1. develop an appropriate seasonal ARIMA model;
2. compare the forecasts with those you obtained in earlier chapters;
3. Obtain up-to-date retail data from the ABS website (Cat 8501.0, Table 11), and compare your forecasts with the actual numbers. How good were the forecasts from the various models?
16. Consider sheep, the sheep population of England and Wales from 1867–1939.

1. Produce a time plot of the time series.

2. Assume you decide to fit the following model: $y_t = y_{t-1} + \phi_1(y_{t-1}-y_{t-2}) + \phi_2(y_{t-2}-y_{t-3}) + \phi_3(y_{t-3}-y_{t-4}) + \varepsilon_t,$ where $$\varepsilon_t$$ is a white noise series. What sort of ARIMA model is this (i.e., what are $$p$$, $$d$$, and $$q$$)?

3. By examining the ACF and PACF of the differenced data, explain why this model is appropriate.

4. The last five values of the series are given below:

Year 1935 1936 1937 1938 1939
Millions of sheep 1648 1665 1627 1791 1797

The estimated parameters are $$\phi_1 = 0.42$$, $$\phi_2 = -0.20$$, and $$\phi_3 = -0.30$$. Without using the forecast function, calculate forecasts for the next three years (1940–1942).

5. Now fit the model in R and obtain the forecasts using forecast. How are they different from yours? Why?

17. The annual bituminous coal production in the United States from 1920 to 1968 is in data set bicoal.

1. Produce a time plot of the data.

2. You decide to fit the following model to the series: $y_t = c + \phi_1 y_{t-1} + \phi_2 y_{t-2} + \phi_3 y_{t-3} + \phi_4 y_{t-4} + \varepsilon_t$ where $$y_t$$ is the coal production in year $$t$$ and $$\varepsilon_t$$ is a white noise series.

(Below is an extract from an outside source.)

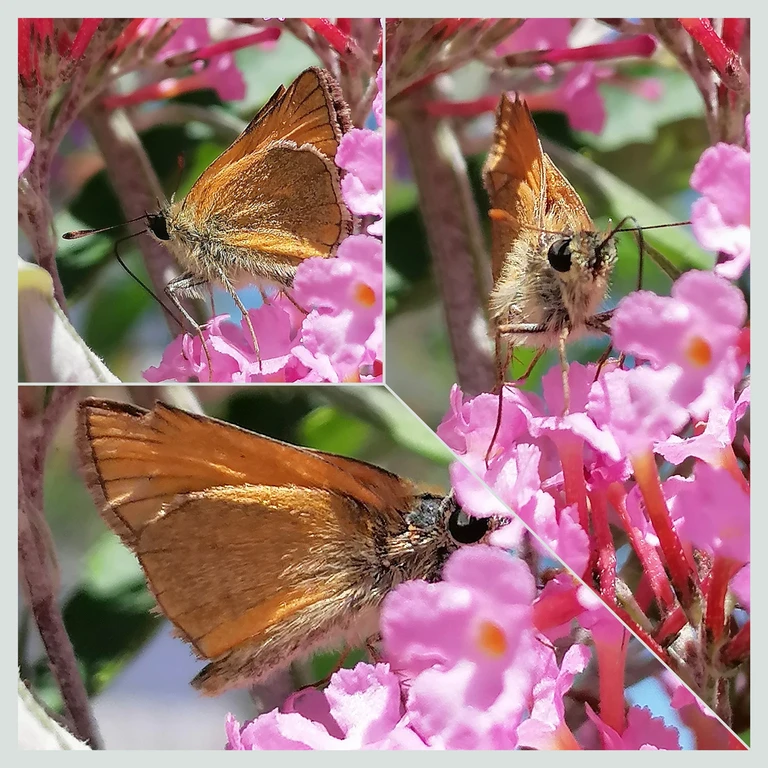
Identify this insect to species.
Thymelicus sylvestris

What sort of ARIMA model is this (i.e., what are $$p$$, $$d$$, and $$q$$)?

3. Explain why this model was chosen using the ACF and PACF.

4. The last five values of the series are given below.

Year 1964 1965 1966 1967 1968
Millions of tons 467 512 534 552 545

The estimated parameters are $$c = 162.00$$, $$\phi_1 = 0.83$$, $$\phi_2 = -0.34$$, $$\phi_3 = 0.55$$, and $$\phi_4 = -0.38$$. Without using the forecast function, calculate forecasts for the next three years (1969–1971).

5. Now fit the model in R and obtain the forecasts from the same model. How are they different from yours? Why?

18. Before doing this exercise, you will need to install the Quandl package in R using

install.packages("Quandl")
1. Select a time series from Quandl. Then copy its short URL and import the data using

y <- Quandl("?????", api_key="?????", type="ts")

(Replace each ????? with the appropriate values.)

2. Plot graphs of the data, and try to identify an appropriate ARIMA model.

3. Do residual diagnostic checking of your ARIMA model. Are the residuals white noise?

4. Use your chosen ARIMA model to forecast the next four years.

5. Now try to identify an appropriate ETS model.

6. Do residual diagnostic checking of your ETS model. Are the residuals white noise?

7. Use your chosen ETS model to forecast the next four years.

8. Which of the two models do you prefer?